List of values for `index_builder_type` attribute:
- `flat`,
- `ivf_simple`,
- `knnlm`, corresponds to `IndexIVFPQ`,
- `hnswsq`, corresponds to `IndexHNSWSQ`,
- `ivfsq`, corresponds to `IndexIVFScalarQuantizer`,
- `ivf_gpu` is a gpu version of `IVF`.

Alternatively, if `index_builder_type` is not specified, one can set `faiss_factory` just like in FAISS API factory call `faiss.index_factory(...)`

The following attributes defined the way the index is created:
- `train_num` - if specified, sets the number of samples are used for the index training.
- `train_ratio` - the same as train_num but as a ratio of total data size.

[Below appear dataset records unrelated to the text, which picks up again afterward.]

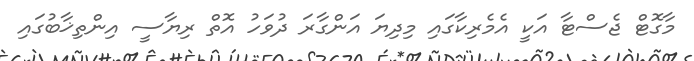
މާގޮޓް ޖެސްޓާ އަކީ އެމެރިކާގައި މިދިޔަ އަންގާރަ ދުވަހު އޮތް ރިޔާސީ އިންތިޚާބުގައި
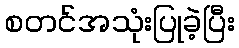
စတင်အသုံးပြုခဲ့ပြီး
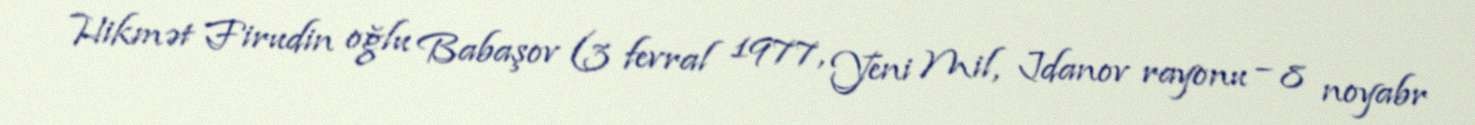
Hikmət Firudin oğlu Babaşov (3 fevral 1977, Yeni Mil, Jdanov rayonu – 8 noyabr

Data sent for indexing will be aggregated in memory until `train_num` threshold is exceeded.
Please refer to the diagram below about the server and client side interactions and steps.

## Client side operations
Once the index has been created, one can send batches of numpy arrays coupled with arbitrarily metadata (should be piackable)

```python
index.add_index_data(index_id, vector_chunk, list_of_metadata)
```
The index training and creation are done asynchronously with the `add()` operation the index processing may take a lot of time after all the data are sent.
In order to check if all server nodes have finished index building, it is recommended to use the following snippet:

```python
while index.get_state(self.index_id) != IndexState.TRAINED:
time.sleep(some_time)
```

Once the index is ready, one can query it:
```python
scores, meta = index.search(query, topk=10, index_id, return_embeddings=False)
```
query is a query vector batch as a numpy array. return_embeddings enables to return the search result vectors in addition to metadata. If it is set to true, the result tuple will return vectors as the 3-rd element.

## Loading Data
The following two commands load a medium sized mmap into distributed-faiss in about 1 minute:

First launch 64 servers in the background
```bash
python scripts/server_launcher.py \
--log-dir /logs/distr-faiss/ \
--discovery-config /tmp/discover_config.txt \
--save-dir $HOME/dfaiss_data \
--num-servers 64 \
--num-servers-per-node 32 \
--timeout-min 4320 \
--mem-gb 400 \
--base-port 12033 \
--partition dev &
```
Once you receive your allocation, load in the data with

```bash
python scripts/load_data.py \
--discover /tmp/discover_config.txt \
--mmap $HOME/dfaiss_data/random_1000000000_768_fp16.mmap \
--mmap-size 1000000000 \
--dimension 768 \
--dstore-fp16 \
--cfg scripts/idx_cfg.json \
--dstore-fp16
```

modify `scripts/load_data.py` to load other data formats.

# Reference
Reference to cite when using `distributed-faiss` in a research paper:
```
@article{DBLP:journals/corr/abs-2112-09924,
author = {Aleksandra Piktus and
Fabio Petroni and
Vladimir Karpukhin and
Dmytro Okhonko and
Samuel Broscheit and
Gautier Izacard and
Patrick Lewis and
Barlas Oguz and
Edouard Grave and
Wen{-}tau Yih and
Sebastian Riedel},
title = {The Web Is Your Oyster - Knowledge-Intensive {NLP} against a Very
Large Web Corpus},
journal = {CoRR},
volume = {abs/2112.09924},
year = {2021},
url = {https://arxiv.org/abs/2112.09924},
eprinttype = {arXiv},
eprint = {2112.09924},
timestamp = {Tue, 04 Jan 2022 15:59:27 +0100},
biburl = {https://dblp.org/rec/journals/corr/abs-2112-09924.bib},
bibsource = {dblp computer science bibliography, https://dblp.org}
}
```

You can access the paper [here](https://arxiv.org/abs/2112.09924).

# License
`distributed-faiss` is released under the CC-BY-NC 4.0 license. See the `LICENSE` file for details.